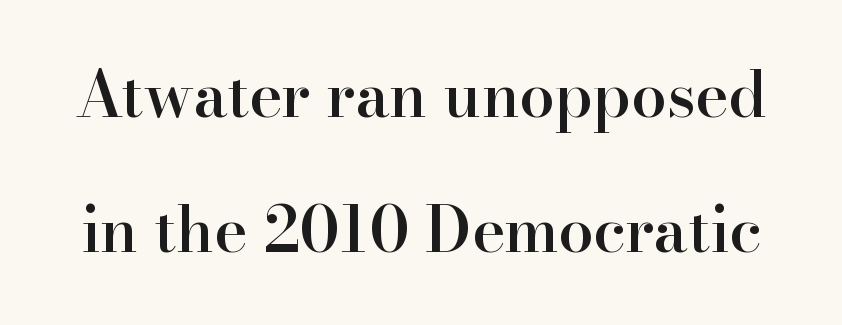
Q: Is the text bold? A: Semi-bold.
Q: Is the text italic (slanted)? A: No, it is upright.
Q: Is the typeface a serif or a sans-serif typeface? A: Serif.
Q: Is the text underlined? A: No.
Q: Is the spacing between letters normal or unusually wide? A: Normal.
Q: Is the spacing between lines tight, normal or loose? A: Loose.
Q: Width (condensed, normal, or wide)? A: Normal.
Q: Stroke contrast? A: High.
Q: x-height? A: Small.
Q: Monospaced? A: No.

■ ■ ■ ■ ■ ■ ■

> **The problem**: Your answer should be the lines from the one containing "Q: Is the text underlined? A: No." through the end of the records, both included, output exactly and with nothing added.

> **Answer box**:
Q: Is the text underlined? A: No.
Q: Is the spacing between letters normal or unusually wide? A: Normal.
Q: Is the spacing between lines tight, normal or loose? A: Loose.
Q: Width (condensed, normal, or wide)? A: Normal.
Q: Stroke contrast? A: High.
Q: x-height? A: Small.
Q: Monospaced? A: No.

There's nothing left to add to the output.